Here are the possible outcomes of a best-of-7 series, where the team with series home court advantage wins.

In [13]:
playoff_outcomes(best_of=7, shca_wins=True)

[('1', '1', '1', '1'),
 ('1', '1', '1', '2', '1'),
 ('1', '2', '1', '1', '1'),
 ('1', '1', '2', '1', '1'),
 ('2', '1', '1', '1', '1'),
 ('1', '1', '2', '2', '1', '1'),
 ('2', '1', '1', '1', '2', '1'),
 ('2', '2', '1', '1', '1', '1'),
 ('2', '1', '2', '1', '1', '1'),
 ('2', '1', '1', '2', '1', '1'),
 ('1', '1', '1', '2', '2', '1'),
 ('1', '1', '2', '1', '2', '1'),
 ('1', '2', '1', '2', '1', '1'),
 ('1', '2', '1', '1', '2', '1'),
 ('1', '2', '2', '1', '1', '1'),
 ('1', '1', '2', '1', '2', '2', '1'),
 ('2', '1', '2', '1', '2', '1', '1'),
 ('2', '1', '2', '1', '1', '2', '1'),
 ('2', '1', '2', '2', '1', '1', '1'),
 ('1', '2', '2', '2', '1', '1', '1'),
 ('2', '2', '1', '1', '1', '2', '1'),
 ('1', '1', '1', '2', '2', '2', '1'),
 ('2', '2', '2', '1', '1', '1', '1'),
 ('2', '2', '1', '1', '2', '1', '1'),
 ('2', '2', '1', '2', '1', '1', '1'),
 ('2', '1', '1', '1', '2', '2', '1'),
 ('1', '2', '2', '1', '2', '1', '1'),
 ('1', '2', '1', '1', '2', '2', '1'),
 ('2', '1', '1', '2', '2', '1', '1'),
 ('

Let's look at the distribution of series length (in games).

In [14]:
Counter(len(outcome) for outcome in playoff_outcomes(best_of=7, shca_wins=True))

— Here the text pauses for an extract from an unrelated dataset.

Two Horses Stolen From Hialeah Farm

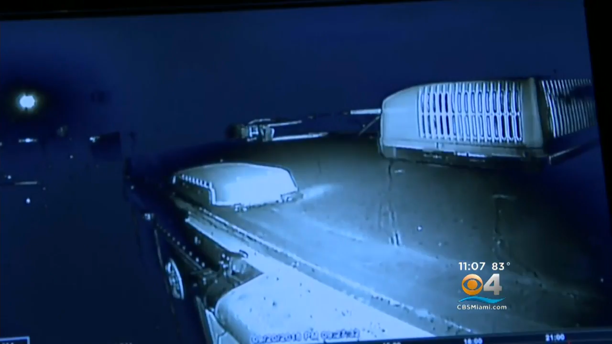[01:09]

Counter({4: 1, 5: 4, 6: 10, 7: 20})

Now, let's generate the outcomes where the other team (without series home court advantage) wins the series.

In [15]:
playoff_outcomes(best_of=7, shca_wins=False)

[('2', '2', '2', '2'),
 ('2', '1', '2', '2', '2'),
 ('1', '2', '2', '2', '2'),
 ('2', '2', '2', '1', '2'),
 ('2', '2', '1', '2', '2'),
 ('1', '1', '2', '2', '2', '2'),
 ('2', '1', '1', '2', '2', '2'),
 ('2', '1', '2', '1', '2', '2'),
 ('2', '2', '2', '1', '1', '2'),
 ('2', '1', '2', '2', '1', '2'),
 ('2', '2', '1', '2', '1', '2'),
 ('1', '2', '1', '2', '2', '2'),
 ('2', '2', '1', '1', '2', '2'),
 ('1', '2', '2', '2', '1', '2'),
 ('1', '2', '2', '1', '2', '2'),
 ('2', '2', '1', '2', '1', '1', '2'),
 ('1', '2', '1', '1', '2', '2', '2'),
 ('1', '1', '2', '2', '2', '1', '2'),
 ('1', '2', '2', '1', '1', '2', '2'),
 ('1', '1', '2', '2', '1', '2', '2'),
 ('2', '1', '1', '1', '2', '2', '2'),
 ('2', '1', '2', '1', '2', '1', '2'),
 ('1', '2', '1', '2', '2', '1', '2'),
 ('2', '1', '2', '1', '1', '2', '2'),
 ('1', '1', '1', '2', '2', '2', '2'),
 ('2', '2', '2', '1', '1', '1', '2'),
 ('2', '1', '1', '2', '2', '1', '2'),
 ('2', '1', '1', '2', '1', '2', '2'),
 ('1', '2', '2', '2', '1', '1', '2'),
 ('

In [16]:
Counter(len(outcome) for outcome in playoff_outcomes(best_of=7, shca_wins=False))

Counter({4: 1, 5: 4, 6: 10, 7: 20})

In summary, there are 70 total possible best-of-7 playoff series outcomes. There are 35 outcomes for each team in which that team wins the series.